For even $k \geq 4$, the Eisenstein series
\begin{align*}
G_k(\tau) &= \sum_{(n, m)\in \mathbb{Z}^2} \frac{1}{(m + n\tau)^k}
\end{align*}
(omitting the term $(n, m) = (0, 0)$) is a modular form of weight $k$ for $\Gamma = SL_2(\mathbb{Z})$, and in fact the ring of modular forms of $\Gamma$ is just $\mathbb{C}[E_4, E_6]$. The usual proof involving rearranging the double series over $n$ and $m$, which fails to converge compactly for the case $k = 2$. Still, $G_2$ is reasonably close to a modular form; it satisfies $G_2(-1/\tau) = \tau^2 G_2(\tau) + \alpha \tau$ for some constant $\alpha\not = 0$, and the graded ring $M_* = \mathbb{C}[G_2, G_4, G_6]$ is closed under the operator $D \vert M_k = \frac{1}{2\pi i} \frac{d}{dq} + \beta k$ for some constant $\beta$.

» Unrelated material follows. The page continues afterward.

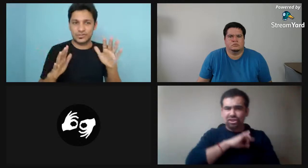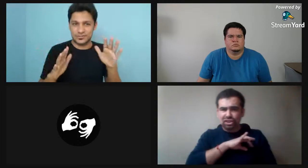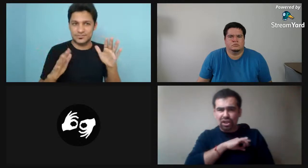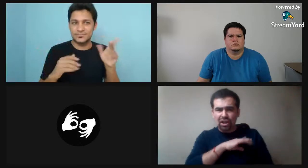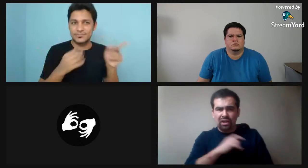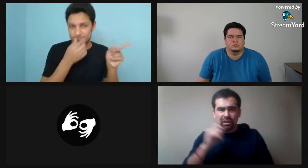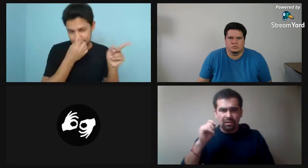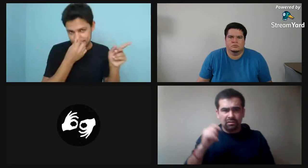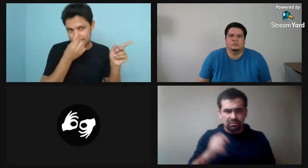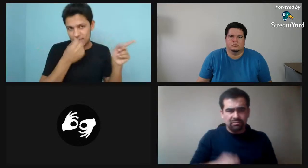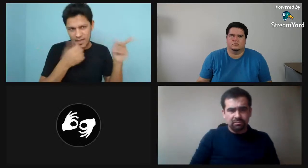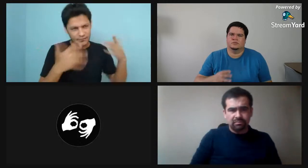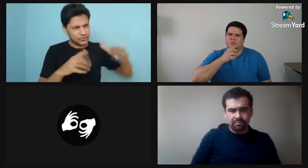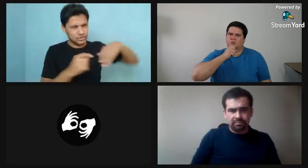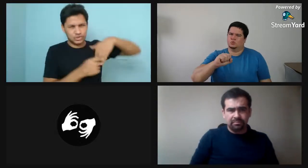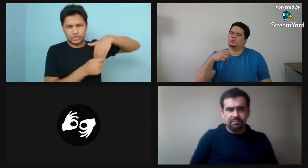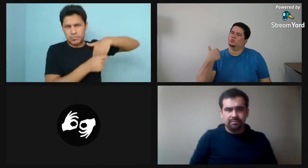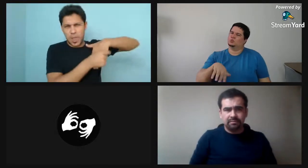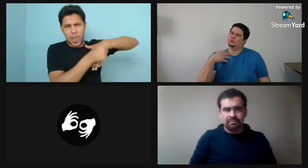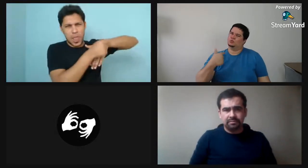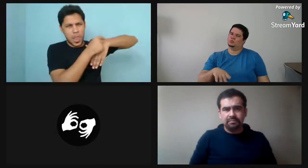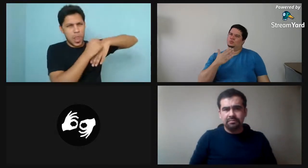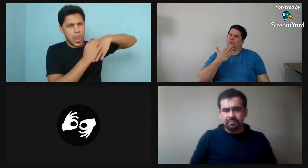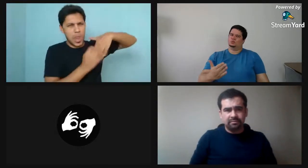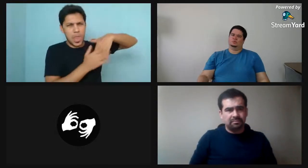¿Qué? ¿Qué?

All this is easy enough to prove directly, but is there some deeper reason why $G_2$ is a quasimodular form? That is, why is $G_2$ still very close to being a modular form despite the bad behavior of the series above for $k = 2$; or, conversely, why doesn't $\Gamma$ have any modular forms of weight $2$ despite having a reasonable candidate in $G_2$?
Best Answer
The only modular form for ${\rm SL}_2(\mathbf Z)$ of weight $2$ is $0$ because the orbit space for ${\rm SL}_2(\mathbf Z)$ acting on the upper half-plane is a sphere with one missing point and the sphere has genus $0$.

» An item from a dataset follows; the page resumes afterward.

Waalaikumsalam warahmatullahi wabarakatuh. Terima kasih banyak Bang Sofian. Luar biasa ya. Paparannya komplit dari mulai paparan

For a congruence subgroup $\Gamma$ of ${\rm SL}_2(\mathbf Z)$ there is a notion of weight $k$ modular forms for this group, and the space of them is denoted $M_k(\Gamma)$. Without getting into the details, this is a finite-dimensional complex vector space and it has a dimension formula that you can find in Theorem 36 here. Taking $k = 2$, it turns out that $\dim(M_2(\Gamma)) = g-1+C$, where $g$ is the genus of the modular curve $X(\Gamma)$ and $C$ is the number of cusps of $X(\Gamma)$. When $\Gamma = {\rm SL}_2(\mathbf Z)$, $X(\Gamma)$ is a sphere, which has genus $g = 0$, and there is one cusp, so $C = 1$. Thus $M_2({\rm SL}_2(\mathbf Z))$ has dimension $0-1+1 = 0$, so $M_2({\rm SL}_2(\mathbf Z)) = \{0\}$.

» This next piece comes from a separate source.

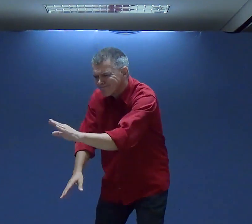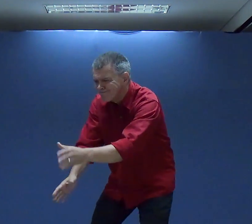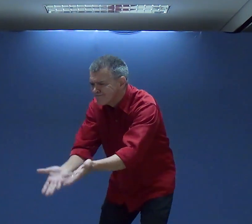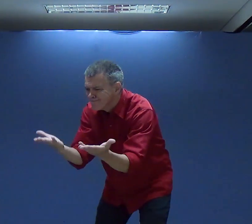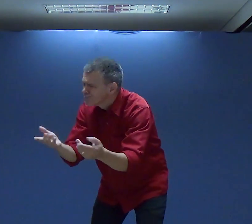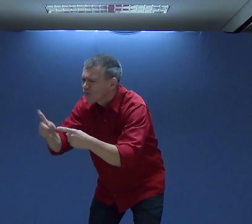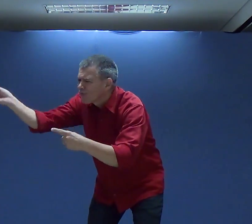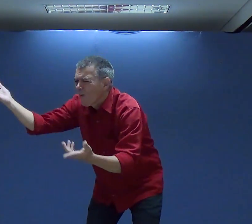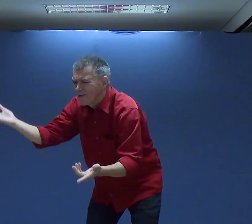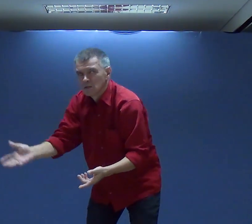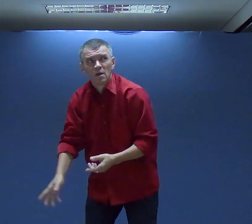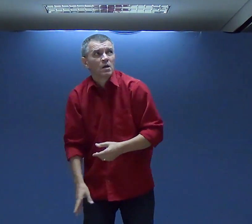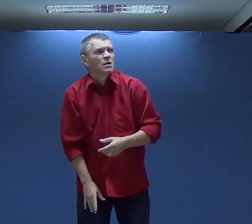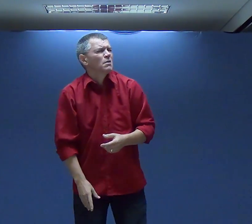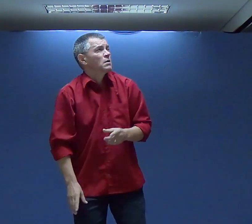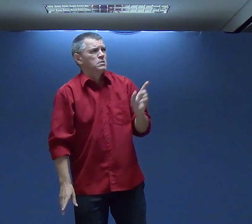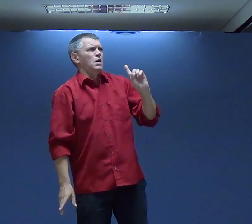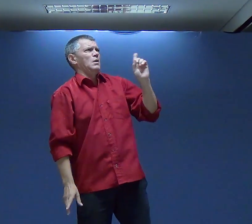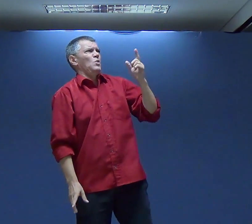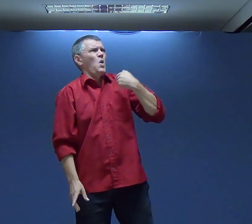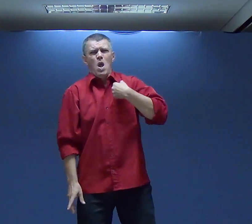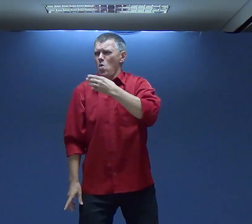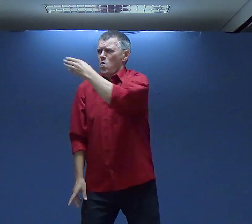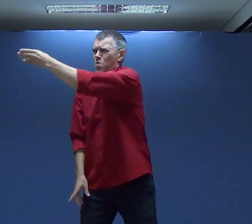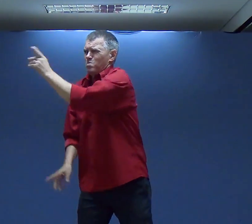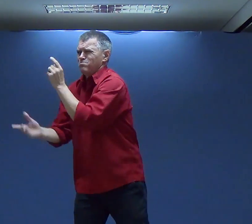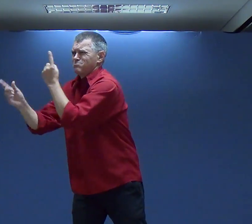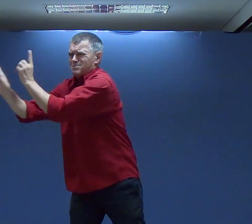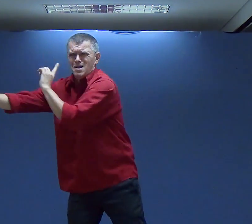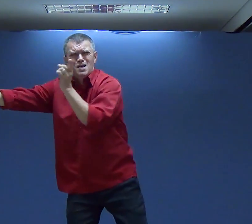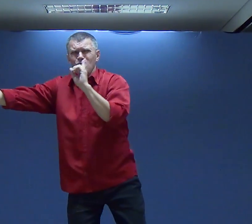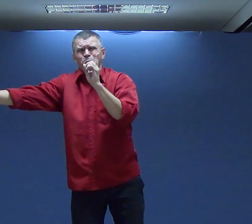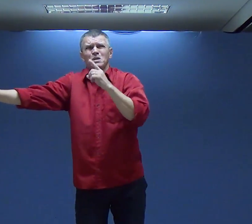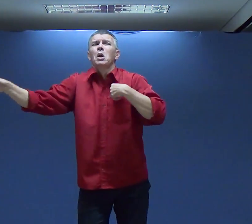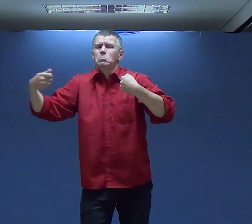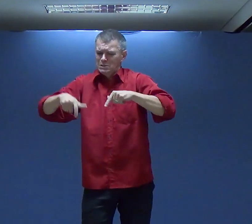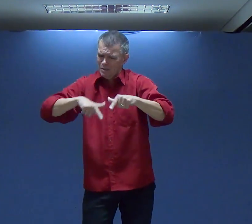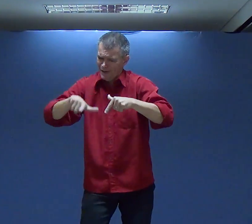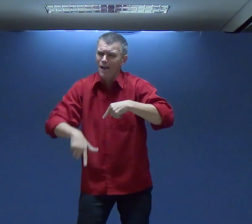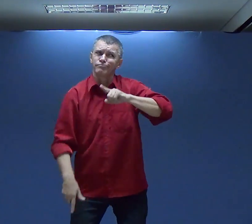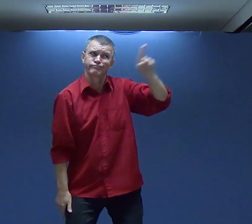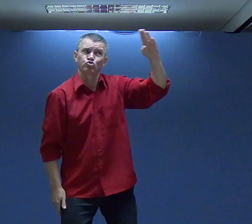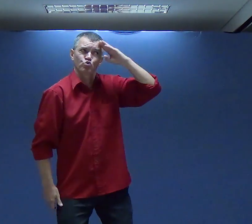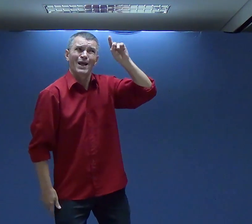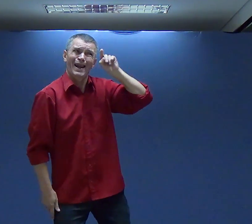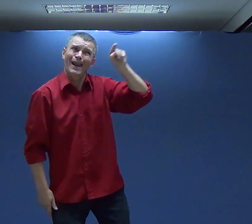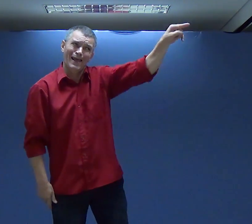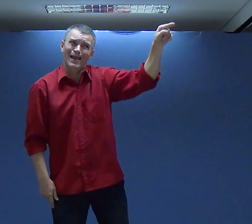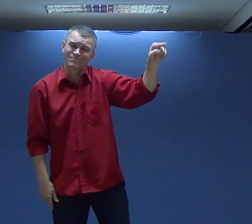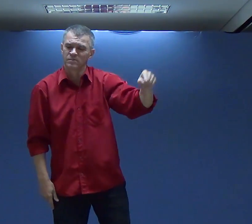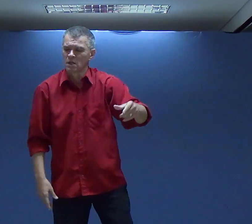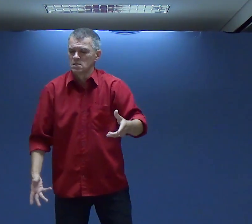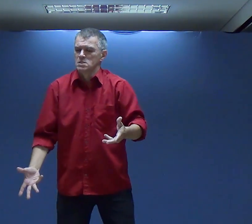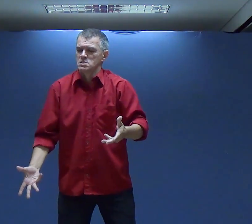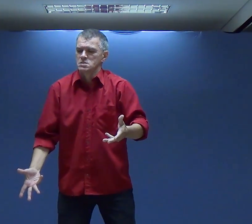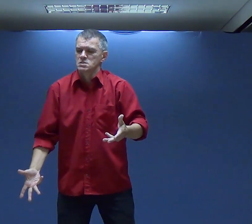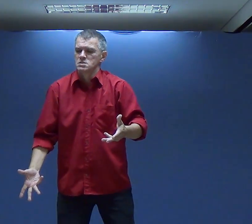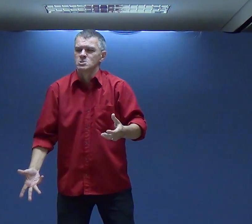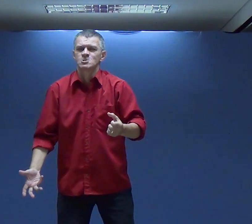Aquela Mulher Fala Não Ele não veio Não encontrou É Não

For prime $p$, $X_0(p)$ has $2$ cusps, so $\dim(M_2(\Gamma_0(p))) = g-1+C = g+1$, so $M_2(\Gamma_0(p))$ is not $\{0\}$. As pointed out on the MSE page here, $E_2(\tau)- pE_2(p\tau) \in M_2(\Gamma_0(p))$ with constant term $(p-1)/24$ in its $q$-expansion, so that's a nonzero example of weight $2$ for $\Gamma_0(p)$. For $p = 2, 3, 5$, and $7$, $X_0(p)$ has genus $0$, so $M_2(\Gamma_0(p))$ consists of scalar multiples of $E_2(\tau) - pE_2(p\tau)$. The curve $X_0(11)$ has genus $1$, so $M_2(\Gamma_0(11))$ has dimension $g+1=2$. A cuspidal weight $2$ modular form for $\Gamma_0(11)$ is on the same MSE page mentioned above.